Soon after birth, the intestine is exposed to multiple bacterial species, as its colonization by microflora begins. Some of the new immigrants are pathogenic, yet it is not clear how early innate immune protection and the initial maintenance of the normal microbiota are achieved. In particular, the antimicrobial peptide-producing Paneth cells only develop some time after the initial neonatal period, raising the possibility that the neonatal intestine may harbor another means of defense.

In support of this, Ménard et al. observed that although established enteric antimicrobial peptides were absent from the neonatal intestinal epithelium, they increased over time.
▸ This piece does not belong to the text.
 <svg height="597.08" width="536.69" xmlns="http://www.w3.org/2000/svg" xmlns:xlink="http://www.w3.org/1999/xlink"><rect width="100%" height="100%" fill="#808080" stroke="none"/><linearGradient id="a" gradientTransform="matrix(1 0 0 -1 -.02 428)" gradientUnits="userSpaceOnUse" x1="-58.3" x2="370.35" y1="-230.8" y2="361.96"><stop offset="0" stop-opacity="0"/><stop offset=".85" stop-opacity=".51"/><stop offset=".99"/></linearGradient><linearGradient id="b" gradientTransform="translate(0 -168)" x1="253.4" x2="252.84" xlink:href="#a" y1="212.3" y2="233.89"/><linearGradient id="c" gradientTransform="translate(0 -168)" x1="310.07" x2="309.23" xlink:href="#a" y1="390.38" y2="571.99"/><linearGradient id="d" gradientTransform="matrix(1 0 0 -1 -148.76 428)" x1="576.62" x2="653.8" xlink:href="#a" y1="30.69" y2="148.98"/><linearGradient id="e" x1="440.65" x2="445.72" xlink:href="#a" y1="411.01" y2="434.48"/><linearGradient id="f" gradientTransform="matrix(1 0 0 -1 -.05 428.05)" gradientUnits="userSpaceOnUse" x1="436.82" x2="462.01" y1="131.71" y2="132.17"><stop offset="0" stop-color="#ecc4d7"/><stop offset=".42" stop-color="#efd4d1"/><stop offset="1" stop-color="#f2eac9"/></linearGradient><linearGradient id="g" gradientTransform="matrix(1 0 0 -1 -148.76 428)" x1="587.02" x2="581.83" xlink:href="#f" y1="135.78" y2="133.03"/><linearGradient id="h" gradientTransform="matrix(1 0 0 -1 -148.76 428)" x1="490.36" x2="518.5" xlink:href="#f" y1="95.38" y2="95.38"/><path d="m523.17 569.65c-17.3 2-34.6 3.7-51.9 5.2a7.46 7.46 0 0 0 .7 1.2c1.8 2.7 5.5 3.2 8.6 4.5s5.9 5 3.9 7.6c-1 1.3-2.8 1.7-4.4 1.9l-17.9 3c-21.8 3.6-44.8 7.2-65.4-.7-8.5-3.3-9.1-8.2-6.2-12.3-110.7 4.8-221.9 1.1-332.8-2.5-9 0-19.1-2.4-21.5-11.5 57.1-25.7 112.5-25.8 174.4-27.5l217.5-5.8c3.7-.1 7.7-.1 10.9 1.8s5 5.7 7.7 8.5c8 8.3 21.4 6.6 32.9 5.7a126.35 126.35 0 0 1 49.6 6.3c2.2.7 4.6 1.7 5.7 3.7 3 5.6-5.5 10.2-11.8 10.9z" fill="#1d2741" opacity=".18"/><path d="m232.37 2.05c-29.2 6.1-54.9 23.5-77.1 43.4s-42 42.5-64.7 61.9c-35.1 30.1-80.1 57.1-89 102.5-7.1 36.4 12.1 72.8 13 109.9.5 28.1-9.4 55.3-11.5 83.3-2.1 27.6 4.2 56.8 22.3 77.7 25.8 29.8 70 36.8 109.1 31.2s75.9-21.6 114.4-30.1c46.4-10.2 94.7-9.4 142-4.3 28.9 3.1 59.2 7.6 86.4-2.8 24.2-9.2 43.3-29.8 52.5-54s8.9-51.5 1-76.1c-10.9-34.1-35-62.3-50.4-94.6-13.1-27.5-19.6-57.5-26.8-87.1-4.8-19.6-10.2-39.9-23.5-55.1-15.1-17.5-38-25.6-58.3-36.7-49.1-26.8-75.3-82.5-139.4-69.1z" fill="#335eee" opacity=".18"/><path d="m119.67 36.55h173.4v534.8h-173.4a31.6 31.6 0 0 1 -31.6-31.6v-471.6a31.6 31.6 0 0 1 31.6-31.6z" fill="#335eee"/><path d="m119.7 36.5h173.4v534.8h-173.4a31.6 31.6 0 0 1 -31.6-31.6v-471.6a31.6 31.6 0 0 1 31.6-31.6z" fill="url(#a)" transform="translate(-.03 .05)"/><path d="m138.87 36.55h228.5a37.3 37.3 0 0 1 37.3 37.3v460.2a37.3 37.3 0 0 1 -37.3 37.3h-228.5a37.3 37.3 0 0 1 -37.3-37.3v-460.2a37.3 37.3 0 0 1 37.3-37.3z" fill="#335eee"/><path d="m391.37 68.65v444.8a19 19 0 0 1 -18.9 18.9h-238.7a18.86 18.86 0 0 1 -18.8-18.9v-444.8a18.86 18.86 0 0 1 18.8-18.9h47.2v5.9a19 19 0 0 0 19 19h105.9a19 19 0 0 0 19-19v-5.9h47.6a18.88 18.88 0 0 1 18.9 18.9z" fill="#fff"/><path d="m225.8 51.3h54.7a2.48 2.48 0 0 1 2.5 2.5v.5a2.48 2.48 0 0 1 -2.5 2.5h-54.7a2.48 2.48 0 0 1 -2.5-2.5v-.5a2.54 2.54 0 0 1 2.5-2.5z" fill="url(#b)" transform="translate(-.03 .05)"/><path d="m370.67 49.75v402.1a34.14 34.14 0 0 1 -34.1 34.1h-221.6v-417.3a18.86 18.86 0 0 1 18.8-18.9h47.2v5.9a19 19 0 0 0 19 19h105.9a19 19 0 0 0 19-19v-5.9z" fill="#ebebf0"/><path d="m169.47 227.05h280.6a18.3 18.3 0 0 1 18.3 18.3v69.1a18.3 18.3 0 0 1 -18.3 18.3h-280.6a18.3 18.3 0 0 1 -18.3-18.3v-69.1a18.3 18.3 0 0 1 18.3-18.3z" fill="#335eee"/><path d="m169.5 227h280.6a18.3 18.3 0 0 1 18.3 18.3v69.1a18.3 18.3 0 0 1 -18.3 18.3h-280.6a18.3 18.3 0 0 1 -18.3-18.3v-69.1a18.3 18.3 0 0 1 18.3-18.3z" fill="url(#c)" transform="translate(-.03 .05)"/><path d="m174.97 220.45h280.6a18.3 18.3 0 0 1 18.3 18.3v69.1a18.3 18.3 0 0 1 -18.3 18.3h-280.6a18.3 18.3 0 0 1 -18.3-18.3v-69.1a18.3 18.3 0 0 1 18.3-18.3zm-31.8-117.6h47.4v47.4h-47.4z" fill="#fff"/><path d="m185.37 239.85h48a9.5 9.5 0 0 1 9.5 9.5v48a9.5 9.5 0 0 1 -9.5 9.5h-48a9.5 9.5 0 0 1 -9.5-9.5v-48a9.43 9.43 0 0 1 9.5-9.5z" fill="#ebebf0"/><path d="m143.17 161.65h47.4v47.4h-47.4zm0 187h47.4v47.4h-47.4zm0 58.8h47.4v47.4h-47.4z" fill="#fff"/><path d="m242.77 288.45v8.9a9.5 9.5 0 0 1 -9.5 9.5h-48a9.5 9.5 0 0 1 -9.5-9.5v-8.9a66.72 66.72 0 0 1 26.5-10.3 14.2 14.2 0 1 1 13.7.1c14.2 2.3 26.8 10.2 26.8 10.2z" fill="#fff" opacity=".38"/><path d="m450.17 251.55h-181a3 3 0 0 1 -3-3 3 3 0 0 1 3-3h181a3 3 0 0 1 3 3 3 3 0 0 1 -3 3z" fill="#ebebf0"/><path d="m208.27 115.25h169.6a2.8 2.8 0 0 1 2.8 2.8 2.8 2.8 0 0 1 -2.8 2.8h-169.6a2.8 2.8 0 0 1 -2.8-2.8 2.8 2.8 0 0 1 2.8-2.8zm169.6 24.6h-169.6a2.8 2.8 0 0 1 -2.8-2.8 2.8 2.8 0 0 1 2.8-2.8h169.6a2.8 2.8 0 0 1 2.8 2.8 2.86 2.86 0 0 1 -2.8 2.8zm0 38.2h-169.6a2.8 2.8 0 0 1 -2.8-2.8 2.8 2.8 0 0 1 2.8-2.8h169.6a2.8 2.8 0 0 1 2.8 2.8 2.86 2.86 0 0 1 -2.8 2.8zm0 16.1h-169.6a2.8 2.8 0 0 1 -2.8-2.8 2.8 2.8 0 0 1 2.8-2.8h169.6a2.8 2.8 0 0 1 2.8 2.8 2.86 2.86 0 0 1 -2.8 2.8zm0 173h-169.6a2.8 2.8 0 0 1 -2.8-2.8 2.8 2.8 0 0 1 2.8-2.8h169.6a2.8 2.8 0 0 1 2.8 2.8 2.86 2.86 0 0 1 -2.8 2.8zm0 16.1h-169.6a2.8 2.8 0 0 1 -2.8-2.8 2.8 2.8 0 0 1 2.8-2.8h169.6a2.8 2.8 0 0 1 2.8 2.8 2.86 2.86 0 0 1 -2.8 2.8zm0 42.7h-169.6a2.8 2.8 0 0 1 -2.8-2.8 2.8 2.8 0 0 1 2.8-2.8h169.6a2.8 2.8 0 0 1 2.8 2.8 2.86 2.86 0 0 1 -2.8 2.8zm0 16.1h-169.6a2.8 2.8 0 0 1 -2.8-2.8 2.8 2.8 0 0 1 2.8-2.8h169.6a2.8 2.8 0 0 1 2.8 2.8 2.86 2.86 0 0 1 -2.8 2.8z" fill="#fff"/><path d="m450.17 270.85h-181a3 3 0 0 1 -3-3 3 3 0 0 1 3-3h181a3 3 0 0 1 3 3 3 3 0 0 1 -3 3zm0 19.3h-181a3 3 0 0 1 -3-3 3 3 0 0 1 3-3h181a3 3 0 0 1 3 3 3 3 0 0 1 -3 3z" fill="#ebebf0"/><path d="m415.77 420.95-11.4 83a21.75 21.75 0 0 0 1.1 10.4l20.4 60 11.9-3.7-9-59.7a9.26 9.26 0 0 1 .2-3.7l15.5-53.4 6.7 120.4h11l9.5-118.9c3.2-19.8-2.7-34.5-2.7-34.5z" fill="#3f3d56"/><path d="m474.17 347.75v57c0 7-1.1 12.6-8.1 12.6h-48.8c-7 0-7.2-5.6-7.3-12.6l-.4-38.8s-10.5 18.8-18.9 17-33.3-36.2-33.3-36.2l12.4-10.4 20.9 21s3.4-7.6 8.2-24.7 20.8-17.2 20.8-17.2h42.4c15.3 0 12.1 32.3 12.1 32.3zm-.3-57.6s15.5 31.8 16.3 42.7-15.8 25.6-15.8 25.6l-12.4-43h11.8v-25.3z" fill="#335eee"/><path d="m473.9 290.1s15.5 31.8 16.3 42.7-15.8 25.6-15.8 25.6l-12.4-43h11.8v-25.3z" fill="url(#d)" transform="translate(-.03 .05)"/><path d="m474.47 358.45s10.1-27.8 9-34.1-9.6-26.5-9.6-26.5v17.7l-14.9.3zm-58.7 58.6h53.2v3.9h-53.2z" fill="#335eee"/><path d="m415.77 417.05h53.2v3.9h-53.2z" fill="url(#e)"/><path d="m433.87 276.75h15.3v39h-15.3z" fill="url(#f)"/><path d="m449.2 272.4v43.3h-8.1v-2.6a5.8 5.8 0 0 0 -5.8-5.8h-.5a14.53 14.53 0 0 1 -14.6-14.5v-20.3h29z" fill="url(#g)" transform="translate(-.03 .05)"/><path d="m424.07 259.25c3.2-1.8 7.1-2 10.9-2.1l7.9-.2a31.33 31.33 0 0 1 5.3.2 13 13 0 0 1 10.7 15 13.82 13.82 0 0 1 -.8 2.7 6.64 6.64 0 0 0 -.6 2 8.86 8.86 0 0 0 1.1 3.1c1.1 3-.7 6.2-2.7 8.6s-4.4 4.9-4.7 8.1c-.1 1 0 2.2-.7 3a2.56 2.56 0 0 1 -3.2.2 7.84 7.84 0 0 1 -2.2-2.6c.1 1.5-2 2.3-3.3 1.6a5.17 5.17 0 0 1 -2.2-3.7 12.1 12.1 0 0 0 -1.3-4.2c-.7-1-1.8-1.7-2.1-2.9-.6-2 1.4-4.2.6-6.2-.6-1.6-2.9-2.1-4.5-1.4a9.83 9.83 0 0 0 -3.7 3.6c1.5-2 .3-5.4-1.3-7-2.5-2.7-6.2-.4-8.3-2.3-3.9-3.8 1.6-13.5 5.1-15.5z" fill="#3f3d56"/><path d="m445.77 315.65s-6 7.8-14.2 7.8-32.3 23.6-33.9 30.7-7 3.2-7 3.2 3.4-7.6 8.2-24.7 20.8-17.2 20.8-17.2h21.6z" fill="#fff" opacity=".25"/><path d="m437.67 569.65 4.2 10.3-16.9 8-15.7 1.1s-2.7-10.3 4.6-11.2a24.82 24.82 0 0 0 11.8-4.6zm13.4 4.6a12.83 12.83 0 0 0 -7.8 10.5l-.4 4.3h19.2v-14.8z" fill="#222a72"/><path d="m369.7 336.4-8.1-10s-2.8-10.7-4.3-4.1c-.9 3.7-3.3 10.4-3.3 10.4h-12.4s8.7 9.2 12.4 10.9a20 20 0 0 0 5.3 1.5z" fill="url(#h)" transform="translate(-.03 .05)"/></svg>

In contrast, expression of the active, processed form of the cathelicidin cathelin-related antimicrobial peptide (CRAMP) was prominent specifically in the early stages of development in the epithelium of the small intestine. This peptide showed significant activity against a bacterial pathogen, as well as against commensal bacteria, and its importance for neonatal protection was confirmed using infection of mice deficient in CRAMP. Expression of the peptide diminished postnatally, corresponding with a gradual proliferative replacement of the epithelia, rather than with a down-regulation of transcriptional activity. The results suggest that the newborn intestine uses an ongoing developmental program to help establish control of microbial colonization and infection early on.— SJS

J. Exp. Med. 205, 10.1084/jem.20071022 (2008).